Whew! It works, but to keep it even this short we've given up some parts of the type-safety of the streams (everyone can create Byte now), we've got growing amounts of fiddly state packing and unpacking, and we're increasingly repeating ourselves in nextWhatever(makeWhatever) pairs.

And what do we gain for all this? Only that we allow ourselves to forget the distinction between producing and storing a value, and that Rng does the former.

Debriefing

State is a clumsy, unscalable mechanism for carrying state along with a computation, but it does royally well at actually enforcing that the state is carried along. (Note: it is less clumsy in Haskell, for instance; the inherent issues remain, but expressing solutions is less onorous.)

In the case of random numbers, the problem is solved autonomously by a mutable class that takes care of the state on its own. Not all state problems are like this. But many, including random number generation, are. This separability, the ability to delegate authority for the process to a class who knows (locally) how to do the right thing is a very powerful abstraction mechanism. Random numbers are one of the clearest examples, but counters and performance timers also tend to have this property, among others.

Using State out of a desire for referential transparency actually breaks this abstraction mechanism by forcing you to care, repeatedly, about just how you are propagating your state around. State works a bit like a political state gone awry: you can't just take your kids outside to run and play and scream and otherwise mutate their environment; you need to write an application for permission to run, and one for permission to play, and one for permission to scream, and one for permission to combine the permits for running and playing, and...even though they eventually send a babysitter over to take care of all of it, it's not worth all the paperwork.

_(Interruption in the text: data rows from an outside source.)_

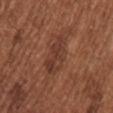Impression:
Recorded during total-body skin imaging; not selected for excision or biopsy.
Clinical summary:
Located on the upper back. The patient is a female roughly 65 years of age. A lesion tile, about 15 mm wide, cut from a 3D total-body photograph.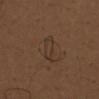Impression: Imaged during a routine full-body skin examination; the lesion was not biopsied and no histopathology is available. Background: About 4.5 mm across. A 15 mm close-up extracted from a 3D total-body photography capture. The lesion is on the front of the torso. Captured under white-light illumination. The total-body-photography lesion software estimated a lesion area of about 5.5 mm² and two-axis asymmetry of about 0.3. And it measured a mean CIELAB color near L≈34 a*≈14 b*≈24 and roughly 4 lightness units darker than nearby skin. The analysis additionally found lesion-presence confidence of about 95/100. The patient is a male about 70 years old.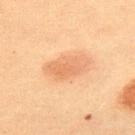Q: Was this lesion biopsied?
A: total-body-photography surveillance lesion; no biopsy
Q: What is the lesion's diameter?
A: ≈5.5 mm
Q: How was this image acquired?
A: total-body-photography crop, ~15 mm field of view
Q: Where on the body is the lesion?
A: the back
Q: What are the patient's age and sex?
A: male, aged 58–62
Q: Illumination type?
A: cross-polarized illumination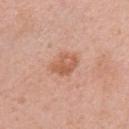<lesion>
<biopsy_status>not biopsied; imaged during a skin examination</biopsy_status>
<patient>
  <sex>female</sex>
  <age_approx>35</age_approx>
</patient>
<lesion_size>
  <long_diameter_mm_approx>3.5</long_diameter_mm_approx>
</lesion_size>
<site>arm</site>
<image>
  <source>total-body photography crop</source>
  <field_of_view_mm>15</field_of_view_mm>
</image>
<lighting>white-light</lighting>
</lesion>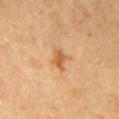Clinical summary:
A 15 mm close-up extracted from a 3D total-body photography capture. A female patient, approximately 50 years of age. From the mid back. Imaged with cross-polarized lighting. The lesion's longest dimension is about 2.5 mm. The lesion-visualizer software estimated an eccentricity of roughly 0.85 and a shape-asymmetry score of about 0.35 (0 = symmetric).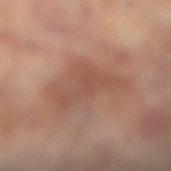Clinical impression:
The lesion was photographed on a routine skin check and not biopsied; there is no pathology result.
Image and clinical context:
The subject is a female approximately 80 years of age. The lesion's longest dimension is about 6.5 mm. Captured under cross-polarized illumination. Located on the left leg. This image is a 15 mm lesion crop taken from a total-body photograph.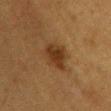follow-up = no biopsy performed (imaged during a skin exam); location = the chest; subject = female, aged 38–42; image source = 15 mm crop, total-body photography.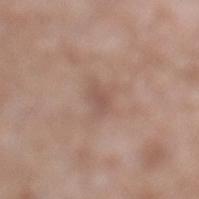Part of a total-body skin-imaging series; this lesion was reviewed on a skin check and was not flagged for biopsy. About 3 mm across. The patient is a male in their 60s. This image is a 15 mm lesion crop taken from a total-body photograph. From the leg. The tile uses white-light illumination.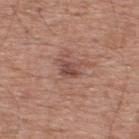Clinical impression:
Imaged during a routine full-body skin examination; the lesion was not biopsied and no histopathology is available.
Acquisition and patient details:
Automated image analysis of the tile measured a lesion area of about 3.5 mm², a shape eccentricity near 0.75, and a shape-asymmetry score of about 0.3 (0 = symmetric). The analysis additionally found a lesion color around L≈47 a*≈22 b*≈24 in CIELAB, a lesion–skin lightness drop of about 10, and a normalized border contrast of about 7.5. It also reported a border-irregularity rating of about 3/10, internal color variation of about 3 on a 0–10 scale, and peripheral color asymmetry of about 1. The recorded lesion diameter is about 2.5 mm. A male patient, in their mid-50s. A 15 mm crop from a total-body photograph taken for skin-cancer surveillance. This is a white-light tile. On the upper back.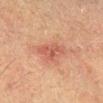Q: Is there a histopathology result?
A: imaged on a skin check; not biopsied
Q: What kind of image is this?
A: ~15 mm crop, total-body skin-cancer survey
Q: Who is the patient?
A: male, aged around 60
Q: Where on the body is the lesion?
A: the right lower leg
Q: Lesion size?
A: about 3.5 mm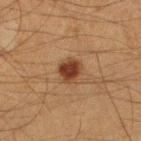Q: Is there a histopathology result?
A: catalogued during a skin exam; not biopsied
Q: How large is the lesion?
A: ~3 mm (longest diameter)
Q: Lesion location?
A: the right lower leg
Q: What did automated image analysis measure?
A: a lesion area of about 5 mm², an eccentricity of roughly 0.5, and two-axis asymmetry of about 0.3; a detector confidence of about 100 out of 100 that the crop contains a lesion
Q: How was the tile lit?
A: cross-polarized illumination
Q: Who is the patient?
A: male, aged 48 to 52
Q: How was this image acquired?
A: total-body-photography crop, ~15 mm field of view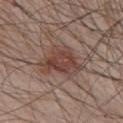Background:
The tile uses white-light illumination. Cropped from a total-body skin-imaging series; the visible field is about 15 mm. Automated image analysis of the tile measured a shape eccentricity near 0.65 and a symmetry-axis asymmetry near 0.45. The software also gave a lesion color around L≈43 a*≈19 b*≈23 in CIELAB, about 10 CIELAB-L* units darker than the surrounding skin, and a lesion-to-skin contrast of about 8 (normalized; higher = more distinct). The software also gave border irregularity of about 4.5 on a 0–10 scale and peripheral color asymmetry of about 1.5. The analysis additionally found a classifier nevus-likeness of about 65/100 and lesion-presence confidence of about 100/100. On the chest. A male subject, roughly 65 years of age. The recorded lesion diameter is about 5.5 mm.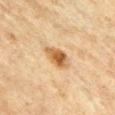Impression: Imaged during a routine full-body skin examination; the lesion was not biopsied and no histopathology is available.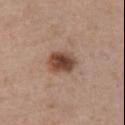Notes:
* follow-up: total-body-photography surveillance lesion; no biopsy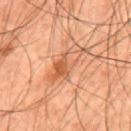This lesion was catalogued during total-body skin photography and was not selected for biopsy.
This is a cross-polarized tile.
A close-up tile cropped from a whole-body skin photograph, about 15 mm across.
On the mid back.
A male subject, aged 43–47.
Longest diameter approximately 5.5 mm.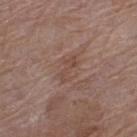No biopsy was performed on this lesion — it was imaged during a full skin examination and was not determined to be concerning. The lesion is on the left thigh. The total-body-photography lesion software estimated a footprint of about 4 mm², a shape eccentricity near 0.9, and a shape-asymmetry score of about 0.35 (0 = symmetric). The software also gave a border-irregularity rating of about 5/10, a color-variation rating of about 0.5/10, and peripheral color asymmetry of about 0. The analysis additionally found an automated nevus-likeness rating near 0 out of 100 and a detector confidence of about 100 out of 100 that the crop contains a lesion. The patient is a female aged 68 to 72. Approximately 3.5 mm at its widest. Imaged with white-light lighting. A roughly 15 mm field-of-view crop from a total-body skin photograph.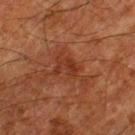No biopsy was performed on this lesion — it was imaged during a full skin examination and was not determined to be concerning. A male subject approximately 80 years of age. Cropped from a whole-body photographic skin survey; the tile spans about 15 mm. The lesion is on the left thigh. Automated tile analysis of the lesion measured an area of roughly 4 mm², a shape eccentricity near 0.7, and a shape-asymmetry score of about 0.55 (0 = symmetric). And it measured lesion-presence confidence of about 100/100.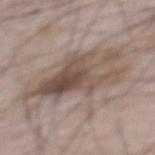The lesion was tiled from a total-body skin photograph and was not biopsied.
This is a white-light tile.
A male patient in their mid-60s.
The lesion's longest dimension is about 10 mm.
From the mid back.
A 15 mm close-up extracted from a 3D total-body photography capture.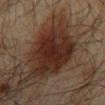workup: catalogued during a skin exam; not biopsied
image-analysis metrics: a footprint of about 27 mm², an outline eccentricity of about 0.75 (0 = round, 1 = elongated), and a symmetry-axis asymmetry near 0.25; a lesion color around L≈25 a*≈18 b*≈23 in CIELAB and a normalized lesion–skin contrast near 12; a border-irregularity index near 3/10, a within-lesion color-variation index near 5/10, and a peripheral color-asymmetry measure near 1.5
image: 15 mm crop, total-body photography
diameter: ≈7.5 mm
location: the mid back
subject: male, about 65 years old
tile lighting: cross-polarized illumination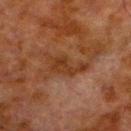| key | value |
|---|---|
| follow-up | imaged on a skin check; not biopsied |
| location | the left lower leg |
| TBP lesion metrics | two-axis asymmetry of about 0.4; an average lesion color of about L≈29 a*≈19 b*≈28 (CIELAB), roughly 6 lightness units darker than nearby skin, and a normalized lesion–skin contrast near 7 |
| subject | male, in their 80s |
| size | ~5 mm (longest diameter) |
| tile lighting | cross-polarized |
| image | ~15 mm crop, total-body skin-cancer survey |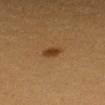No biopsy was performed on this lesion — it was imaged during a full skin examination and was not determined to be concerning.
A 15 mm close-up extracted from a 3D total-body photography capture.
On the left forearm.
The recorded lesion diameter is about 2.5 mm.
An algorithmic analysis of the crop reported an area of roughly 3.5 mm² and an outline eccentricity of about 0.75 (0 = round, 1 = elongated). The analysis additionally found a lesion color around L≈36 a*≈19 b*≈33 in CIELAB, a lesion–skin lightness drop of about 10, and a normalized border contrast of about 9. The analysis additionally found a border-irregularity index near 1.5/10, a within-lesion color-variation index near 3/10, and peripheral color asymmetry of about 1.
The subject is a female aged 28–32.
This is a cross-polarized tile.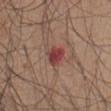<tbp_lesion>
<biopsy_status>not biopsied; imaged during a skin examination</biopsy_status>
</tbp_lesion>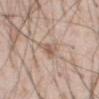Clinical impression: Imaged during a routine full-body skin examination; the lesion was not biopsied and no histopathology is available. Context: The lesion-visualizer software estimated an eccentricity of roughly 0.55. The analysis additionally found a border-irregularity index near 5.5/10, internal color variation of about 3.5 on a 0–10 scale, and a peripheral color-asymmetry measure near 1. Longest diameter approximately 3.5 mm. The lesion is located on the abdomen. This image is a 15 mm lesion crop taken from a total-body photograph. The tile uses white-light illumination. A male subject approximately 55 years of age.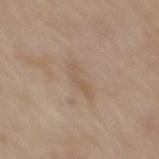Part of a total-body skin-imaging series; this lesion was reviewed on a skin check and was not flagged for biopsy. A male patient aged 78–82. Cropped from a total-body skin-imaging series; the visible field is about 15 mm. Located on the back. Imaged with white-light lighting. Measured at roughly 3.5 mm in maximum diameter.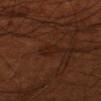Recorded during total-body skin imaging; not selected for excision or biopsy. The total-body-photography lesion software estimated a footprint of about 4 mm², a shape eccentricity near 0.8, and a shape-asymmetry score of about 0.25 (0 = symmetric). It also reported an average lesion color of about L≈19 a*≈18 b*≈24 (CIELAB), roughly 4 lightness units darker than nearby skin, and a lesion-to-skin contrast of about 5.5 (normalized; higher = more distinct). The analysis additionally found internal color variation of about 2 on a 0–10 scale. The analysis additionally found a classifier nevus-likeness of about 5/100 and a lesion-detection confidence of about 100/100. Approximately 3 mm at its widest. The lesion is on the left forearm. A roughly 15 mm field-of-view crop from a total-body skin photograph. A male patient aged approximately 70.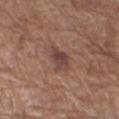Recorded during total-body skin imaging; not selected for excision or biopsy.
A region of skin cropped from a whole-body photographic capture, roughly 15 mm wide.
The subject is a male aged around 75.
Located on the arm.
Measured at roughly 3.5 mm in maximum diameter.
The total-body-photography lesion software estimated a lesion area of about 6 mm², a shape eccentricity near 0.75, and a symmetry-axis asymmetry near 0.2. And it measured a lesion color around L≈43 a*≈18 b*≈22 in CIELAB, about 9 CIELAB-L* units darker than the surrounding skin, and a normalized lesion–skin contrast near 7.5. The software also gave a border-irregularity index near 2/10, a within-lesion color-variation index near 4/10, and a peripheral color-asymmetry measure near 1.5.
The tile uses white-light illumination.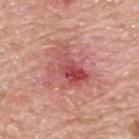Findings:
- workup — no biopsy performed (imaged during a skin exam)
- image — 15 mm crop, total-body photography
- site — the upper back
- automated metrics — a border-irregularity index near 7/10 and a color-variation rating of about 10/10
- size — ≈5 mm
- tile lighting — white-light
- patient — male, in their 80s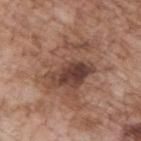Q: Was this lesion biopsied?
A: catalogued during a skin exam; not biopsied
Q: Who is the patient?
A: male, roughly 70 years of age
Q: Lesion size?
A: ~8.5 mm (longest diameter)
Q: What did automated image analysis measure?
A: a lesion area of about 33 mm² and a shape eccentricity near 0.7; roughly 10 lightness units darker than nearby skin and a normalized border contrast of about 7.5
Q: How was this image acquired?
A: 15 mm crop, total-body photography
Q: Lesion location?
A: the upper back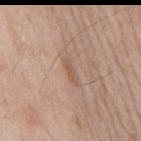Part of a total-body skin-imaging series; this lesion was reviewed on a skin check and was not flagged for biopsy.
A male subject, aged 63 to 67.
A close-up tile cropped from a whole-body skin photograph, about 15 mm across.
The lesion's longest dimension is about 3 mm.
On the mid back.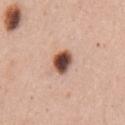Q: Was a biopsy performed?
A: imaged on a skin check; not biopsied
Q: Illumination type?
A: white-light
Q: Lesion location?
A: the left upper arm
Q: How was this image acquired?
A: 15 mm crop, total-body photography
Q: How large is the lesion?
A: about 3 mm
Q: What did automated image analysis measure?
A: a footprint of about 6 mm² and an outline eccentricity of about 0.5 (0 = round, 1 = elongated); an automated nevus-likeness rating near 100 out of 100
Q: Patient demographics?
A: female, aged 43–47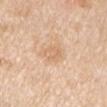Part of a total-body skin-imaging series; this lesion was reviewed on a skin check and was not flagged for biopsy. About 2.5 mm across. A region of skin cropped from a whole-body photographic capture, roughly 15 mm wide. Located on the right upper arm. Automated image analysis of the tile measured a footprint of about 4.5 mm². It also reported an average lesion color of about L≈68 a*≈19 b*≈35 (CIELAB), roughly 7 lightness units darker than nearby skin, and a normalized lesion–skin contrast near 4.5. And it measured a classifier nevus-likeness of about 0/100 and lesion-presence confidence of about 100/100. A male subject aged 58–62.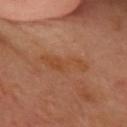biopsy_status: not biopsied; imaged during a skin examination
site: head or neck
patient:
  sex: female
  age_approx: 60
image:
  source: total-body photography crop
  field_of_view_mm: 15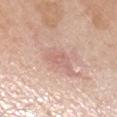- biopsy status: imaged on a skin check; not biopsied
- size: about 2 mm
- acquisition: ~15 mm tile from a whole-body skin photo
- image-analysis metrics: peripheral color asymmetry of about 0; a nevus-likeness score of about 0/100
- subject: female, in their mid-60s
- lighting: white-light
- body site: the left forearm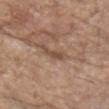<tbp_lesion>
  <biopsy_status>not biopsied; imaged during a skin examination</biopsy_status>
  <automated_metrics>
    <area_mm2_approx>2.5</area_mm2_approx>
    <eccentricity>0.95</eccentricity>
    <shape_asymmetry>0.25</shape_asymmetry>
    <cielab_L>48</cielab_L>
    <cielab_a>18</cielab_a>
    <cielab_b>27</cielab_b>
    <vs_skin_darker_L>9.0</vs_skin_darker_L>
    <vs_skin_contrast_norm>7.0</vs_skin_contrast_norm>
    <border_irregularity_0_10>3.5</border_irregularity_0_10>
    <color_variation_0_10>0.0</color_variation_0_10>
    <peripheral_color_asymmetry>0.0</peripheral_color_asymmetry>
  </automated_metrics>
  <patient>
    <sex>male</sex>
    <age_approx>85+</age_approx>
  </patient>
  <lighting>white-light</lighting>
  <image>
    <source>total-body photography crop</source>
    <field_of_view_mm>15</field_of_view_mm>
  </image>
  <site>chest</site>
  <lesion_size>
    <long_diameter_mm_approx>3.0</long_diameter_mm_approx>
  </lesion_size>
</tbp_lesion>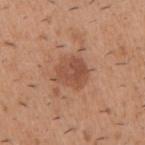Case summary:
- notes · total-body-photography surveillance lesion; no biopsy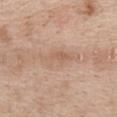follow-up — catalogued during a skin exam; not biopsied
image — ~15 mm tile from a whole-body skin photo
body site — the chest
patient — female, in their 40s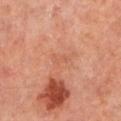Clinical impression: No biopsy was performed on this lesion — it was imaged during a full skin examination and was not determined to be concerning. Image and clinical context: The total-body-photography lesion software estimated a shape-asymmetry score of about 0.5 (0 = symmetric). The analysis additionally found a mean CIELAB color near L≈54 a*≈25 b*≈32, roughly 5 lightness units darker than nearby skin, and a normalized lesion–skin contrast near 3.5. The subject is a male approximately 60 years of age. Cropped from a whole-body photographic skin survey; the tile spans about 15 mm. This is a cross-polarized tile. Located on the left lower leg.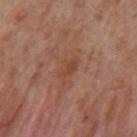The lesion was photographed on a routine skin check and not biopsied; there is no pathology result. The tile uses cross-polarized illumination. About 3 mm across. A female subject in their 50s. This image is a 15 mm lesion crop taken from a total-body photograph. On the right upper arm. The lesion-visualizer software estimated an area of roughly 4 mm², a shape eccentricity near 0.85, and a symmetry-axis asymmetry near 0.3. The analysis additionally found an average lesion color of about L≈42 a*≈21 b*≈31 (CIELAB), roughly 6 lightness units darker than nearby skin, and a normalized border contrast of about 6. And it measured border irregularity of about 3.5 on a 0–10 scale, a within-lesion color-variation index near 1/10, and peripheral color asymmetry of about 0.5.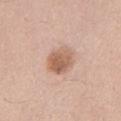biopsy status = catalogued during a skin exam; not biopsied | imaging modality = ~15 mm crop, total-body skin-cancer survey | patient = female, aged around 25 | anatomic site = the chest.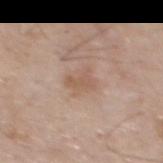Assessment:
The lesion was tiled from a total-body skin photograph and was not biopsied.
Acquisition and patient details:
An algorithmic analysis of the crop reported a footprint of about 4 mm² and an outline eccentricity of about 0.75 (0 = round, 1 = elongated). It also reported a mean CIELAB color near L≈56 a*≈18 b*≈28, a lesion–skin lightness drop of about 7, and a normalized lesion–skin contrast near 5.5. The tile uses white-light illumination. The patient is a male approximately 60 years of age. About 3 mm across. On the mid back. A close-up tile cropped from a whole-body skin photograph, about 15 mm across.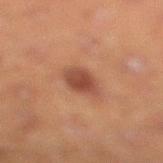Recorded during total-body skin imaging; not selected for excision or biopsy. Located on the right lower leg. The subject is a male approximately 45 years of age. Automated image analysis of the tile measured a classifier nevus-likeness of about 90/100 and a lesion-detection confidence of about 100/100. Longest diameter approximately 3 mm. Imaged with cross-polarized lighting. A lesion tile, about 15 mm wide, cut from a 3D total-body photograph.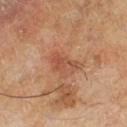notes: imaged on a skin check; not biopsied
patient: male, in their mid-60s
lighting: cross-polarized illumination
automated metrics: an eccentricity of roughly 0.8 and two-axis asymmetry of about 0.5; an average lesion color of about L≈51 a*≈26 b*≈33 (CIELAB), about 8 CIELAB-L* units darker than the surrounding skin, and a lesion-to-skin contrast of about 5.5 (normalized; higher = more distinct); border irregularity of about 6 on a 0–10 scale and radial color variation of about 1
lesion size: ~3.5 mm (longest diameter)
body site: the left lower leg
image: ~15 mm tile from a whole-body skin photo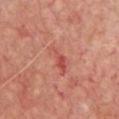A 15 mm crop from a total-body photograph taken for skin-cancer surveillance. A subject roughly 55 years of age. From the chest.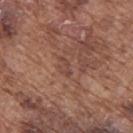workup: catalogued during a skin exam; not biopsied
patient: male, in their mid-70s
acquisition: total-body-photography crop, ~15 mm field of view
lighting: white-light
lesion size: ≈2.5 mm
body site: the upper back

Bottom line: using State for random number generation is (usually) an antipattern. The costs are high, especially if you have multiple random number streams (or other sources of multiple State). If you're going to deal with random numbers this way, make sure the costs are worth it.

In contrast, a simple mutable approach is close to foolproof, with one proviso: you must maintain a mental distinction between methods that generate numbers and those that store numbers. In many cases, this is trivially easy. If it becomes difficult (e.g. if you use a myriad of caches and don't take care to split off and cache your random number stream), look for a different solution.